■ **Brief**: The answer must be every line of the data that holds the word "VECTOR".
--- Provided data ---
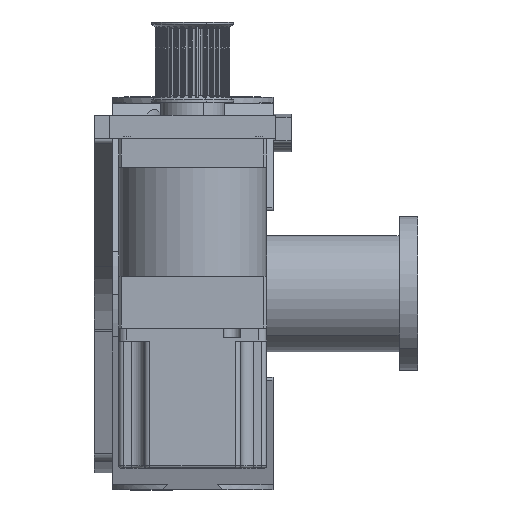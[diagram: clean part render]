
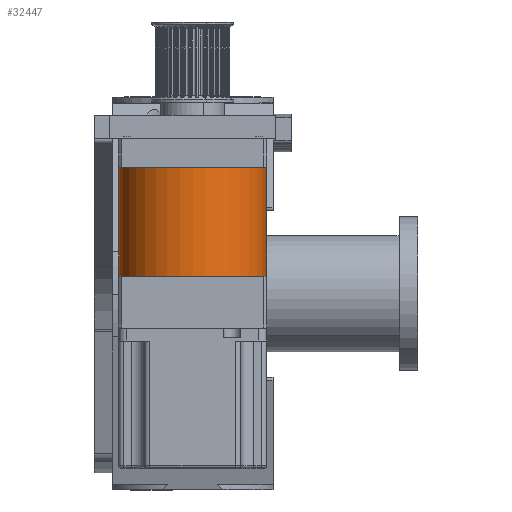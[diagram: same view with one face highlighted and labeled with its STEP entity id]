
A CAD part, front view. The second image highlights one B-rep face of the part: STEP entity #32447.
In plain terms, the highlighted cylindrical face has radius 28.5 mm (diameter 57 mm), a partial arc.
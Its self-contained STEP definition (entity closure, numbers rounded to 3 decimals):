
#564 = DIRECTION ( 'NONE',  ( 0., 0., 1. ) ) ;
#3692 = ORIENTED_EDGE ( 'NONE', *, *, #14595, .T. ) ;
#6197 = CARTESIAN_POINT ( 'NONE',  ( -115.375, 28.5, -98. ) ) ;
#6426 = DIRECTION ( 'NONE',  ( -1., 0., 0. ) ) ;
#6477 = ORIENTED_EDGE ( 'NONE', *, *, #25470, .F. ) ;
#6745 = AXIS2_PLACEMENT_3D ( 'NONE', #16549, #32720, #9047 ) ;
#7524 = DIRECTION ( 'NONE',  ( -1., 0., 0. ) ) ;
#8090 = VECTOR ( 'NONE', #28476, 1000. ) ;
#8769 = CARTESIAN_POINT ( 'NONE',  ( -115.375, 28.5, -56. ) ) ;
#9047 = DIRECTION ( 'NONE',  ( -1., 0., 0. ) ) ;
#11132 = CYLINDRICAL_SURFACE ( 'NONE', #23222, 28.5 ) ;
#11184 = VERTEX_POINT ( 'NONE', #18726 ) ;
#11715 = CIRCLE ( 'NONE', #13880, 28.5 ) ;
#12521 = EDGE_CURVE ( 'NONE', #15500, #11184, #24082, .T. ) ;
#13416 = CARTESIAN_POINT ( 'NONE',  ( -115.375, 28.5, -98. ) ) ;
#13676 = FACE_OUTER_BOUND ( 'NONE', #23533, .T. ) ;
#13880 = AXIS2_PLACEMENT_3D ( 'NONE', #25919, #17737, #7524 ) ;
#14251 = DIRECTION ( 'NONE',  ( 0., 0., -1. ) ) ;
#14595 = EDGE_CURVE ( 'NONE', #16417, #22276, #15199, .T. ) ;
#15199 = LINE ( 'NONE', #17915, #8090 ) ;
#15461 = DIRECTION ( 'NONE',  ( 0., 0., 1. ) ) ;
#15500 = VERTEX_POINT ( 'NONE', #8769 ) ;
#16417 = VERTEX_POINT ( 'NONE', #25099 ) ;
#16549 = CARTESIAN_POINT ( 'NONE',  ( -86.875, 28.5, -56. ) ) ;
#16925 = ORIENTED_EDGE ( 'NONE', *, *, #24377, .F. ) ;
#17737 = DIRECTION ( 'NONE',  ( 0., 0., -1. ) ) ;
#17915 = CARTESIAN_POINT ( 'NONE',  ( -58.375, 28.5, -98. ) ) ;
#18631 = CARTESIAN_POINT ( 'NONE',  ( -86.875, 28.5, -98. ) ) ;
#18726 = CARTESIAN_POINT ( 'NONE',  ( -86.875, 0., -56. ) ) ;
#19367 = EDGE_CURVE ( 'NONE', #16417, #31696, #29451, .T. ) ;
#19637 = DIRECTION ( 'NONE',  ( 0., 0., 1. ) ) ;
#20935 = ORIENTED_EDGE ( 'NONE', *, *, #23950, .F. ) ;
#22276 = VERTEX_POINT ( 'NONE', #31430 ) ;
#23222 = AXIS2_PLACEMENT_3D ( 'NONE', #18631, #564, #31930 ) ;
#23355 = VERTEX_POINT ( 'NONE', #13416 ) ;
#23533 = EDGE_LOOP ( 'NONE', ( #26145, #3692, #16925, #27254, #20935, #6477 ) ) ;
#23950 = EDGE_CURVE ( 'NONE', #23355, #15500, #25090, .T. ) ;
#24082 = CIRCLE ( 'NONE', #28432, 28.5 ) ;
#24377 = EDGE_CURVE ( 'NONE', #11184, #22276, #24707, .T. ) ;
#24707 = CIRCLE ( 'NONE', #6745, 28.5 ) ;
#25090 = LINE ( 'NONE', #6197, #29032 ) ;
#25099 = CARTESIAN_POINT ( 'NONE',  ( -58.375, 28.5, -98. ) ) ;
#25470 = EDGE_CURVE ( 'NONE', #31696, #23355, #11715, .T. ) ;
#25919 = CARTESIAN_POINT ( 'NONE',  ( -86.875, 28.5, -98. ) ) ;
#26145 = ORIENTED_EDGE ( 'NONE', *, *, #19367, .F. ) ;
#27254 = ORIENTED_EDGE ( 'NONE', *, *, #12521, .F. ) ;
#28432 = AXIS2_PLACEMENT_3D ( 'NONE', #31479, #15461, #28739 ) ;
#28476 = DIRECTION ( 'NONE',  ( 0., 0., 1. ) ) ;
#28739 = DIRECTION ( 'NONE',  ( -1., 0., 0. ) ) ;
#28928 = AXIS2_PLACEMENT_3D ( 'NONE', #29763, #14251, #6426 ) ;
#29032 = VECTOR ( 'NONE', #19637, 1000. ) ;
#29266 = CARTESIAN_POINT ( 'NONE',  ( -86.875, 0., -98. ) ) ;
#29451 = CIRCLE ( 'NONE', #28928, 28.5 ) ;
#29763 = CARTESIAN_POINT ( 'NONE',  ( -86.875, 28.5, -98. ) ) ;
#31430 = CARTESIAN_POINT ( 'NONE',  ( -58.375, 28.5, -56. ) ) ;
#31479 = CARTESIAN_POINT ( 'NONE',  ( -86.875, 28.5, -56. ) ) ;
#31696 = VERTEX_POINT ( 'NONE', #29266 ) ;
#31930 = DIRECTION ( 'NONE',  ( -1., 0., 0. ) ) ;
#32447 = ADVANCED_FACE ( 'NONE', ( #13676 ), #11132, .T. ) ;
#32720 = DIRECTION ( 'NONE',  ( 0., 0., 1. ) ) ;
---
■ **Result for this task**:
#8090 = VECTOR ( 'NONE', #28476, 1000. ) ;
#29032 = VECTOR ( 'NONE', #19637, 1000. ) ;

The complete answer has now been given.